### WHAT YOU SHOULD DO
Looking at the entries, how many lines hold the word "boxes"? State the number by itself.
BEGIN STUDY MATERIAL
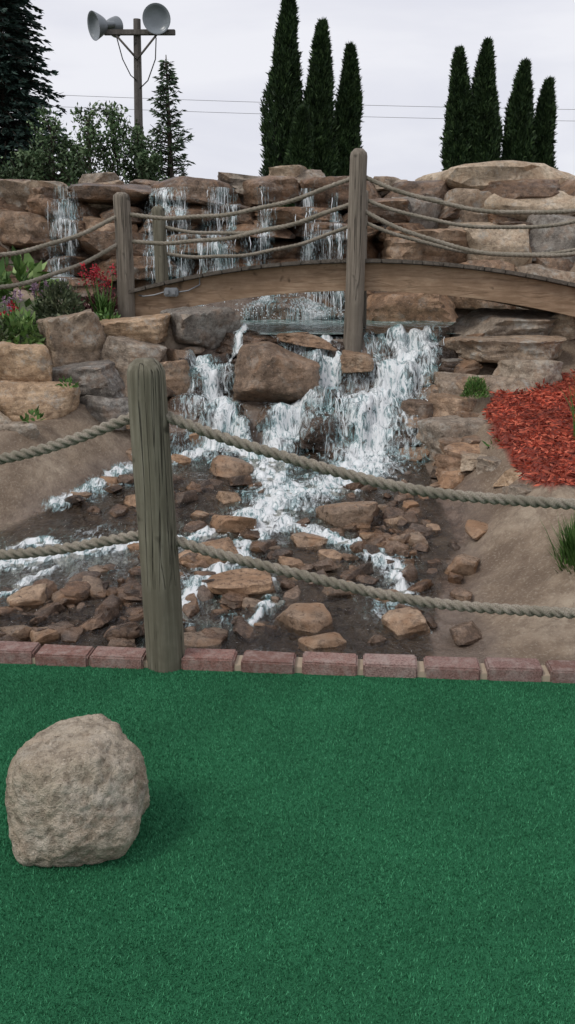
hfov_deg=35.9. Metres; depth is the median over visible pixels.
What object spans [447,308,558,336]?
ledge rock
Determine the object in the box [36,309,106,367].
ledge rock
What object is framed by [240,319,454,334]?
pool water
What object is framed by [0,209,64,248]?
ledge rock
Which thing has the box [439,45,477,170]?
arborvitae tree
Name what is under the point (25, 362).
ledge rock
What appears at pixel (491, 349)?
ledge rock
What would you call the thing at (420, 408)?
ledge rock
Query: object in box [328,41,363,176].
arborvitae tree
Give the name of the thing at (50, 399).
ledge rock
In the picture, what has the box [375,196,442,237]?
ledge rock
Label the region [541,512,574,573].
ornamental grass
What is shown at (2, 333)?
leafy plant
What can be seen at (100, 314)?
leafy plant
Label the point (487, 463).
ledge rock
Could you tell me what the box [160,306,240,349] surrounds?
ledge rock
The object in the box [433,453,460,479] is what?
ledge rock
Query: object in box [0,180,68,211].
ledge rock
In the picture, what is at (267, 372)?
ledge rock
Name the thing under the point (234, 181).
ledge rock
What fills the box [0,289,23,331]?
purple flower plant
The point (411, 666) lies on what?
brick edging
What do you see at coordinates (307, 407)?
ledge rock
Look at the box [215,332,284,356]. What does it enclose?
ledge rock
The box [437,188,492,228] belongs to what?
ledge rock
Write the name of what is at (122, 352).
ledge rock
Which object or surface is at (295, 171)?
ledge rock
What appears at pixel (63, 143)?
young tree
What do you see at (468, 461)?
ledge rock
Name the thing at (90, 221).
ledge rock
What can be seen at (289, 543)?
stream water
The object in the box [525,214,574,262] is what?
ledge rock
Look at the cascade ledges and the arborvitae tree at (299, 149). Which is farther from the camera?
the arborvitae tree at (299, 149)
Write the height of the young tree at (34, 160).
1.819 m
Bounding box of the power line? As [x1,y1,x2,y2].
[40,94,574,118]
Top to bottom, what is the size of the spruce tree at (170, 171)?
3.404 m
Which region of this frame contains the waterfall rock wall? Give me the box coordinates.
[0,175,574,319]
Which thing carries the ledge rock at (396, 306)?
on the ground at (512, 551)
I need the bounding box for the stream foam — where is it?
[0,323,438,647]
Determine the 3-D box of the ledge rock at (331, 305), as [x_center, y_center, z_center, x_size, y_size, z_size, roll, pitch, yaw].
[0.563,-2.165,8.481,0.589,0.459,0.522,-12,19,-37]
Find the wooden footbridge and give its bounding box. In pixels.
[0,148,574,351]
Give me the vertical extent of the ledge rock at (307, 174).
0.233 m
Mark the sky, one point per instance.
(220, 51)
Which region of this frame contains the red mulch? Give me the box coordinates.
[482,368,574,485]
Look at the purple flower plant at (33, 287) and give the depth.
6.09 m
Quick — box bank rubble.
[124,333,485,488]
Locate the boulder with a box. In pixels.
[5,714,149,866]
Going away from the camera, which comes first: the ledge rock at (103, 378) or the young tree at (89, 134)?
the ledge rock at (103, 378)
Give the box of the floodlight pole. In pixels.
[87,3,175,168]
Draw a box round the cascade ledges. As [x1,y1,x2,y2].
[167,328,460,463]
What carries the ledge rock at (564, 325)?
on the ground at (512, 551)
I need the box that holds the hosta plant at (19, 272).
[0,245,58,309]
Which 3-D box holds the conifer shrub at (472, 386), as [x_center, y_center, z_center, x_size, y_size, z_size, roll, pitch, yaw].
[1.150,-0.769,5.431,0.170,0.152,0.170,12,19,37]
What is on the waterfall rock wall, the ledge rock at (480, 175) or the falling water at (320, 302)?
the ledge rock at (480, 175)
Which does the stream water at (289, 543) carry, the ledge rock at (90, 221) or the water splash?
the water splash
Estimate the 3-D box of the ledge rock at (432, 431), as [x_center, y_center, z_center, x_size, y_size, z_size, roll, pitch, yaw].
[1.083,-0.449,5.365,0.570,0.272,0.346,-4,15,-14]
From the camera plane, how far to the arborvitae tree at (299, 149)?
24.76 m
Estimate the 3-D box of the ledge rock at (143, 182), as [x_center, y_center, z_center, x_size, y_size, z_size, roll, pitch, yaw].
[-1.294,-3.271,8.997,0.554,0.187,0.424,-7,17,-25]
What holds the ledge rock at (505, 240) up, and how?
on the waterfall rock wall
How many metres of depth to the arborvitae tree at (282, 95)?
25.43 m
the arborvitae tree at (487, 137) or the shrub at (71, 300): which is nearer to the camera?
the shrub at (71, 300)
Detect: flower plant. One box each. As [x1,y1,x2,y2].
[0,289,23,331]
[0,300,22,342]
[28,280,48,318]
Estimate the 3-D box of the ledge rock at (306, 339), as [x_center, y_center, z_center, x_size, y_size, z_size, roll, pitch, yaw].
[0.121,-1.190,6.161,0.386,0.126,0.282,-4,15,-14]
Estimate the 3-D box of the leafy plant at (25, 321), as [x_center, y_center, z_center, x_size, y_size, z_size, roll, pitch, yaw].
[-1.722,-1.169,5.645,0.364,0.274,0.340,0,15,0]
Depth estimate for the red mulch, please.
4.94 m
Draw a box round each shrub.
[28,279,84,324]
[73,287,117,319]
[459,375,490,398]
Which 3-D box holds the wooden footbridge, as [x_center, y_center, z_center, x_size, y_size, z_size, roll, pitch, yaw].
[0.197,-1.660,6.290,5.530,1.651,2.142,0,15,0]
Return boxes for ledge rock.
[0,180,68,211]
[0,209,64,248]
[0,229,13,266]
[0,341,52,381]
[0,380,80,420]
[0,412,12,423]
[0,421,39,439]
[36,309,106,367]
[52,359,125,397]
[75,216,137,244]
[78,172,118,183]
[79,395,129,430]
[89,180,124,210]
[99,336,166,375]
[100,313,170,343]
[129,179,159,185]
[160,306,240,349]
[161,360,190,395]
[189,369,227,400]
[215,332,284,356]
[217,172,262,196]
[233,341,319,403]
[268,165,306,177]
[276,332,336,350]
[296,169,325,182]
[301,388,342,416]
[322,296,344,310]
[340,350,373,372]
[366,292,457,321]
[372,394,397,412]
[373,176,400,191]
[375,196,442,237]
[379,180,407,197]
[381,228,468,262]
[389,363,421,385]
[396,399,432,422]
[415,160,574,189]
[416,415,487,460]
[427,393,476,416]
[433,372,541,395]
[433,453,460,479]
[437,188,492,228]
[441,358,462,361]
[445,335,566,362]
[447,260,514,308]
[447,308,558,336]
[448,221,531,266]
[460,453,486,471]
[476,456,501,474]
[484,190,574,221]
[492,360,562,386]
[493,468,521,486]
[502,484,531,495]
[515,263,574,309]
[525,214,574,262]
[550,313,574,339]
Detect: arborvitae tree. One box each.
[259,0,303,175]
[278,104,314,206]
[301,18,340,176]
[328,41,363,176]
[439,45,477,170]
[469,36,504,162]
[499,56,539,162]
[533,75,558,168]
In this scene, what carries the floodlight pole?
on the ground at (512, 551)
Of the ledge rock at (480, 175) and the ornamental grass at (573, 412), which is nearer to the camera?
the ornamental grass at (573, 412)
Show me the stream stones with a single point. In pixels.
(311, 618)
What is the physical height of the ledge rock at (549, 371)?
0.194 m
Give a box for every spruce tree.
[0,0,74,181]
[146,56,194,180]
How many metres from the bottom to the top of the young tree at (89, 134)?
2.482 m
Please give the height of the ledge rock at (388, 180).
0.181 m
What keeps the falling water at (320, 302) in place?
on the ground at (512, 551)
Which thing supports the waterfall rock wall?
on the ground at (512, 551)
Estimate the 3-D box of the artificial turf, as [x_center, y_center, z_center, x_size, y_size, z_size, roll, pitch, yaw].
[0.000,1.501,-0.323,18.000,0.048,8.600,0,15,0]
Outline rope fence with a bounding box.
[0,358,574,672]
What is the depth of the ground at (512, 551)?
4.43 m
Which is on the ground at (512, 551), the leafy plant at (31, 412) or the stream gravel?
the stream gravel
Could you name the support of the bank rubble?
on the ground at (512, 551)
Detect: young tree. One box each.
[0,162,47,180]
[1,144,53,180]
[24,106,78,184]
[54,128,97,185]
[56,102,120,186]
[90,100,141,183]
[118,119,156,183]
[123,144,168,204]
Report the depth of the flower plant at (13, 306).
5.69 m
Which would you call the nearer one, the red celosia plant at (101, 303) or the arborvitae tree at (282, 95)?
the red celosia plant at (101, 303)
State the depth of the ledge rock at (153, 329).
5.81 m
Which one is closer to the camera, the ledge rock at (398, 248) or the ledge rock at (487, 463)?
the ledge rock at (487, 463)
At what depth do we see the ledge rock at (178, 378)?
5.74 m
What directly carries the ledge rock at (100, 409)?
on the ground at (512, 551)
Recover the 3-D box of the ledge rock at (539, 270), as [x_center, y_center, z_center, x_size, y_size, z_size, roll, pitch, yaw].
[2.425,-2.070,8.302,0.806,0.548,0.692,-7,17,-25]
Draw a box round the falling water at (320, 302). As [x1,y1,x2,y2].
[43,187,444,442]
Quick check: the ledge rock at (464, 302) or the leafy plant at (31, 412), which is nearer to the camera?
the leafy plant at (31, 412)
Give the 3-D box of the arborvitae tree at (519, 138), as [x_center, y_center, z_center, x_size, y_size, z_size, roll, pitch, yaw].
[7.399,-10.820,28.212,1.922,6.698,1.908,-5,16,-17]
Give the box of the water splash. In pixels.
[203,293,432,536]
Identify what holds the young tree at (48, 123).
on the ground at (512, 551)
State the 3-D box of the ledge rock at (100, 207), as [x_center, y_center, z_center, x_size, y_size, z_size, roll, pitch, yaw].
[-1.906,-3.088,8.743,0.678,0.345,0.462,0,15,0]
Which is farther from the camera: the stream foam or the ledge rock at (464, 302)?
the ledge rock at (464, 302)
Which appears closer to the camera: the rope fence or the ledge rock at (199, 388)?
the rope fence
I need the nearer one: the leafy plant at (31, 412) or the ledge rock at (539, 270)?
the leafy plant at (31, 412)
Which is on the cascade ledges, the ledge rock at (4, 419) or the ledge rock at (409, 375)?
the ledge rock at (409, 375)
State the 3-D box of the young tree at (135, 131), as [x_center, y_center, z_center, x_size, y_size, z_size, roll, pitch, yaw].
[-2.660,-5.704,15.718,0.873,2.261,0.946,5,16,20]
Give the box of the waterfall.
[46,186,346,319]
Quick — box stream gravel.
[0,466,481,656]
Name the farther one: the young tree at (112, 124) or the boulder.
the young tree at (112, 124)
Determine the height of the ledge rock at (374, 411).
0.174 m
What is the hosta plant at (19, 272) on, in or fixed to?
on the ground at (512, 551)
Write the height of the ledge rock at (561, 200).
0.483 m
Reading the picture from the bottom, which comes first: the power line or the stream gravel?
the stream gravel
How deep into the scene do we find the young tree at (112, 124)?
15.06 m
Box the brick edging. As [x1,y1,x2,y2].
[0,641,574,682]
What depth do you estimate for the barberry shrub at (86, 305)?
6.36 m
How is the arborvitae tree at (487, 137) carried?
on the ground at (512, 551)
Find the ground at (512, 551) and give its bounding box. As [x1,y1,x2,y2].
[0,209,574,664]
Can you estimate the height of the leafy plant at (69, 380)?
0.084 m
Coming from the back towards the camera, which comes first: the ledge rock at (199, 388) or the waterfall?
the waterfall
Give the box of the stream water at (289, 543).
[0,449,454,658]
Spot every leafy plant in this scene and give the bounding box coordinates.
[0,307,45,344]
[0,314,22,343]
[19,406,44,422]
[55,376,78,387]
[95,307,119,319]
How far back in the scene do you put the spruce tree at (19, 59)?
16.26 m
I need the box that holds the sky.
[11,0,574,181]
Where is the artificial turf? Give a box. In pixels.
[0,663,574,1023]
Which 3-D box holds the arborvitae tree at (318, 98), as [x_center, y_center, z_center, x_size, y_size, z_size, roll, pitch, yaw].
[0.902,-10.630,26.181,1.872,7.230,1.964,0,15,0]
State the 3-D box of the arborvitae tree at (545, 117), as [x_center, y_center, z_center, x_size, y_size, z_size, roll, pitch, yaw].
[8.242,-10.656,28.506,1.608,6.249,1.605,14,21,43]
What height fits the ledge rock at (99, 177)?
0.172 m
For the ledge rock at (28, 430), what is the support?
on the ground at (512, 551)
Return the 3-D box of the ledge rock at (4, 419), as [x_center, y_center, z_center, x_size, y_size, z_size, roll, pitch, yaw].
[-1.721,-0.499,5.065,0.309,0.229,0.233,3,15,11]
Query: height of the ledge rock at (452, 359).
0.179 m
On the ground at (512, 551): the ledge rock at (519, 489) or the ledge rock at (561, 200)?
the ledge rock at (519, 489)
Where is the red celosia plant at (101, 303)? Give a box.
[77,263,120,318]
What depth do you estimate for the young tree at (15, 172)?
14.86 m
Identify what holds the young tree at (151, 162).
on the ground at (512, 551)
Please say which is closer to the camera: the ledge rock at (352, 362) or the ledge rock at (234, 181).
the ledge rock at (352, 362)
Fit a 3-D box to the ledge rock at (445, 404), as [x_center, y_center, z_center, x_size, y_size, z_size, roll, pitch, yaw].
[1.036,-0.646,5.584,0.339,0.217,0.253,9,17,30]
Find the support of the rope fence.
on the ground at (512, 551)
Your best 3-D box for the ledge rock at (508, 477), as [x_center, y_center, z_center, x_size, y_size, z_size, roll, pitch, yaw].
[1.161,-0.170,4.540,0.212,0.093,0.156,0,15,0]
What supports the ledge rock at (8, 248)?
on the ground at (512, 551)
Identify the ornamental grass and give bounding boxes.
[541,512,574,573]
[560,376,574,439]
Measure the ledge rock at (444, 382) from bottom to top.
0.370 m
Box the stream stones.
[0,433,487,652]
END STUDY MATERIAL
### RESULT BELOW
2